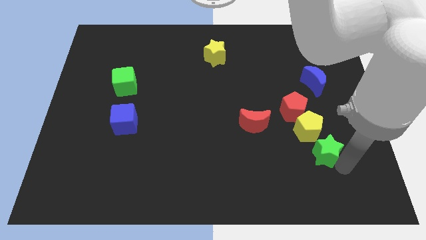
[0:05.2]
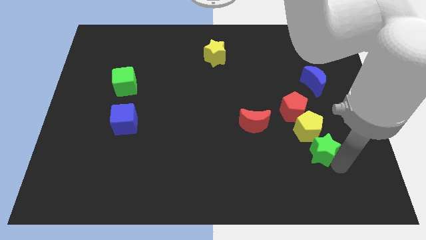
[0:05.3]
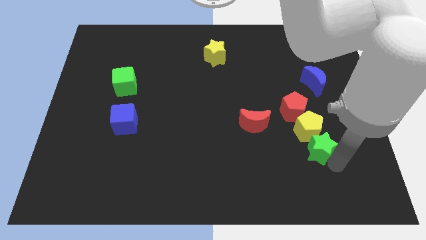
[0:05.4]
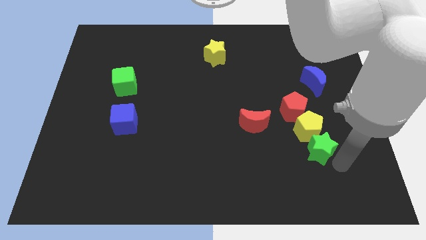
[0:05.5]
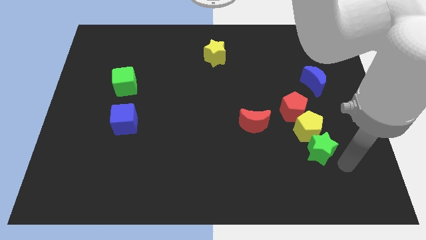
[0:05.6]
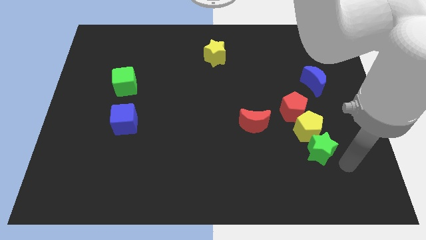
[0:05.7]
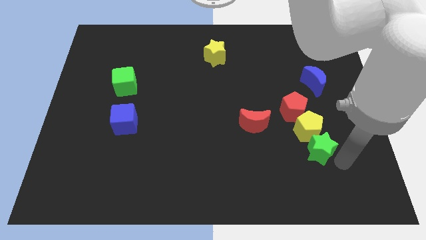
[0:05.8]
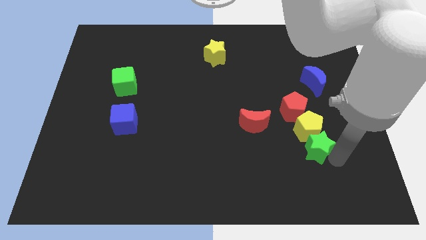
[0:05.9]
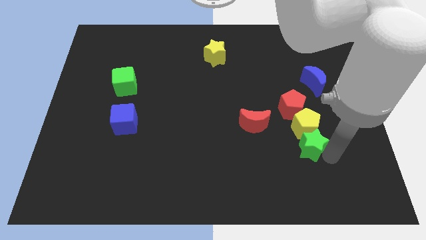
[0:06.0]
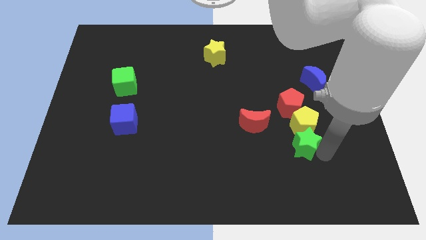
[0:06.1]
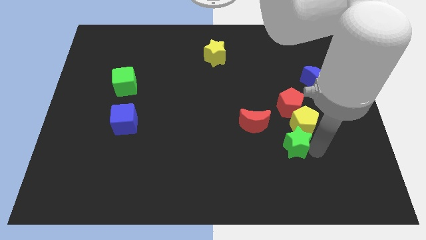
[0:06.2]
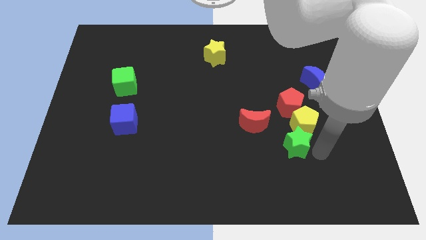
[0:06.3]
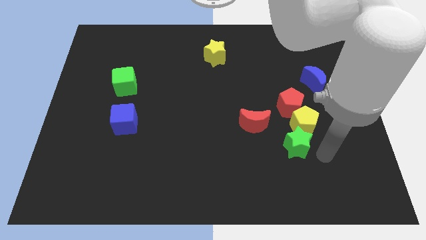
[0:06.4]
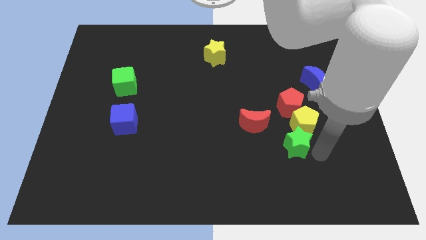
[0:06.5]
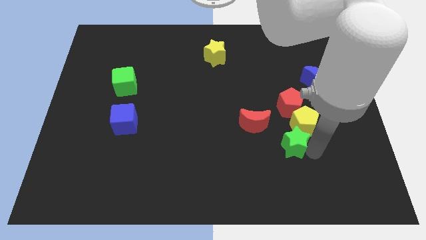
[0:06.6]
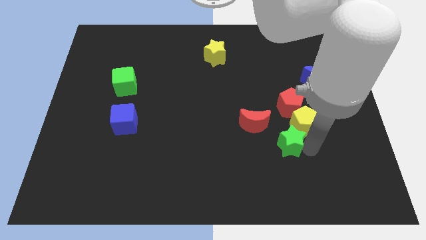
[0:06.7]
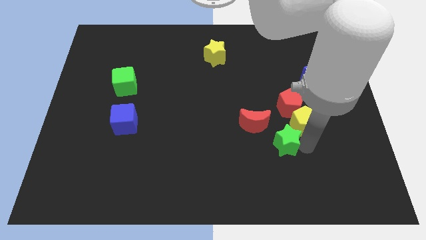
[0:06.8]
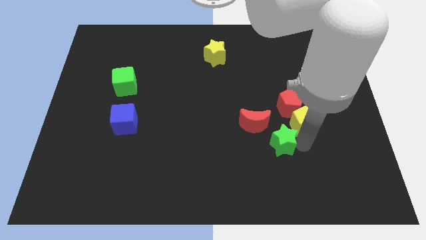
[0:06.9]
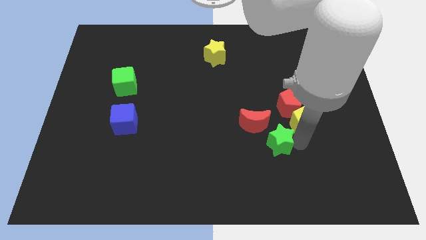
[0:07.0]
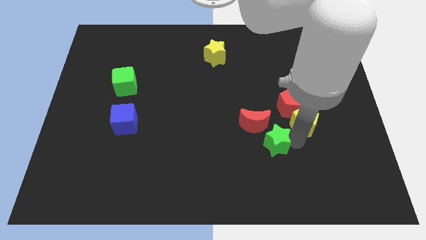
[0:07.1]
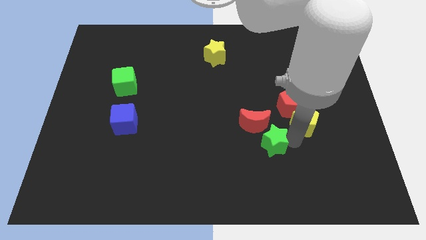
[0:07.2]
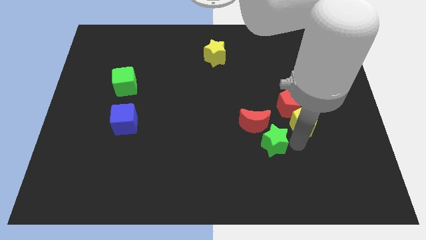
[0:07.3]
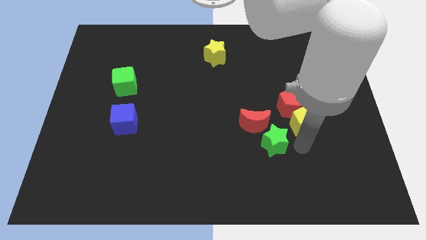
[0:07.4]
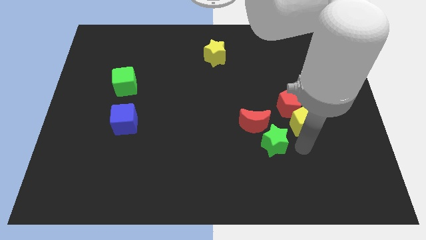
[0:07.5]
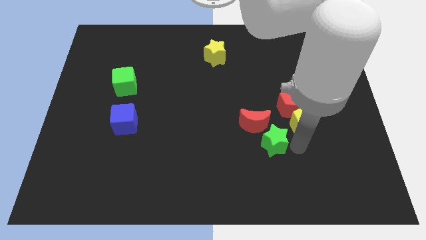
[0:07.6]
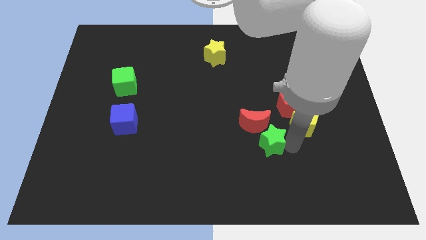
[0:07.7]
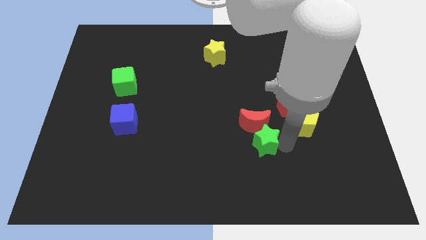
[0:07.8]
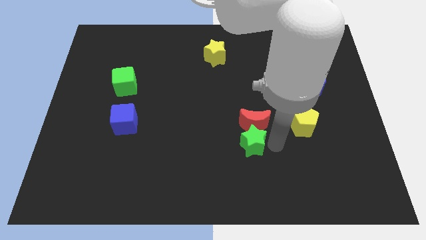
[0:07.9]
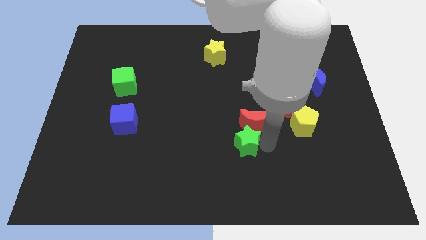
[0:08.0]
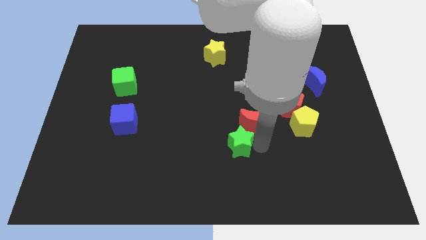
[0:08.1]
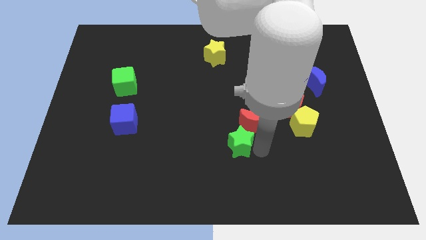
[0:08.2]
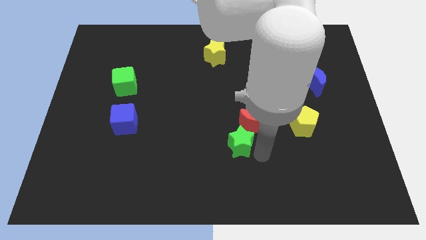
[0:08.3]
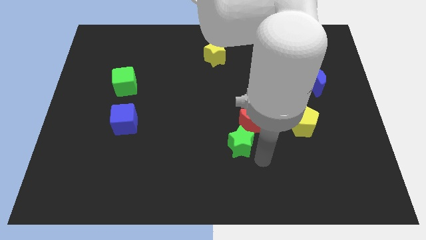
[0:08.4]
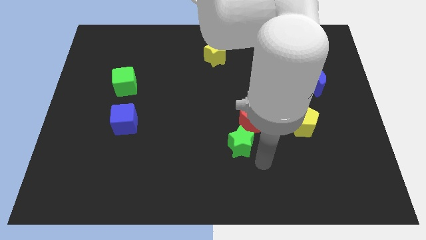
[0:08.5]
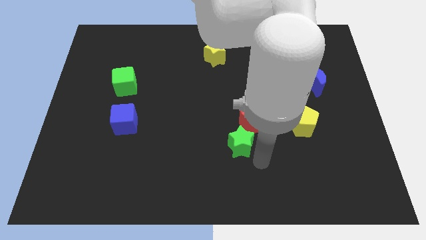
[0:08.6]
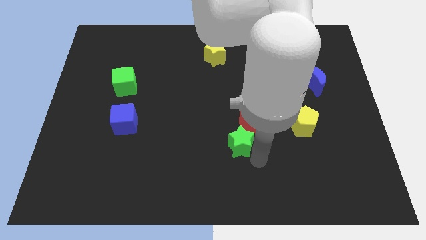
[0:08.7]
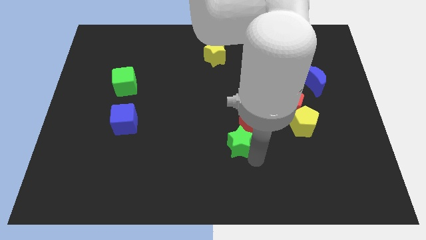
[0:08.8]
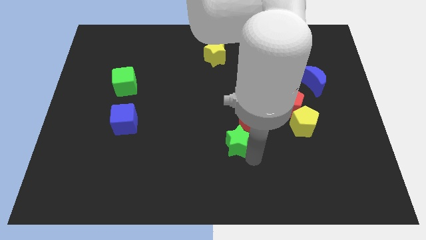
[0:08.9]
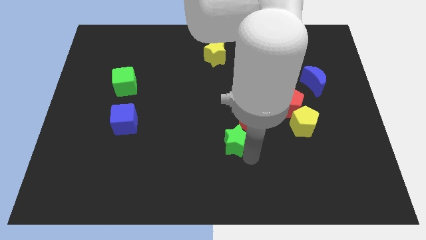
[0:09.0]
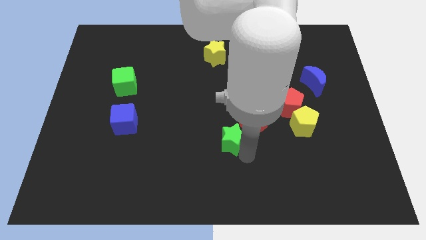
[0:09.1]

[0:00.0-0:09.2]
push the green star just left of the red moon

-------------------------

- WORK TO BE COMPLETED
Could you output every record above exactly as it appears, without the pictures?

- ANSWER TO THIS EXERCISE
[0:05.2]
[0:05.3]
[0:05.4]
[0:05.5]
[0:05.6]
[0:05.7]
[0:05.8]
[0:05.9]
[0:06.0]
[0:06.1]
[0:06.2]
[0:06.3]
[0:06.4]
[0:06.5]
[0:06.6]
[0:06.7]
[0:06.8]
[0:06.9]
[0:07.0]
[0:07.1]
[0:07.2]
[0:07.3]
[0:07.4]
[0:07.5]
[0:07.6]
[0:07.7]
[0:07.8]
[0:07.9]
[0:08.0]
[0:08.1]
[0:08.2]
[0:08.3]
[0:08.4]
[0:08.5]
[0:08.6]
[0:08.7]
[0:08.8]
[0:08.9]
[0:09.0]
[0:09.1]

[0:00.0-0:09.2]
push the green star just left of the red moon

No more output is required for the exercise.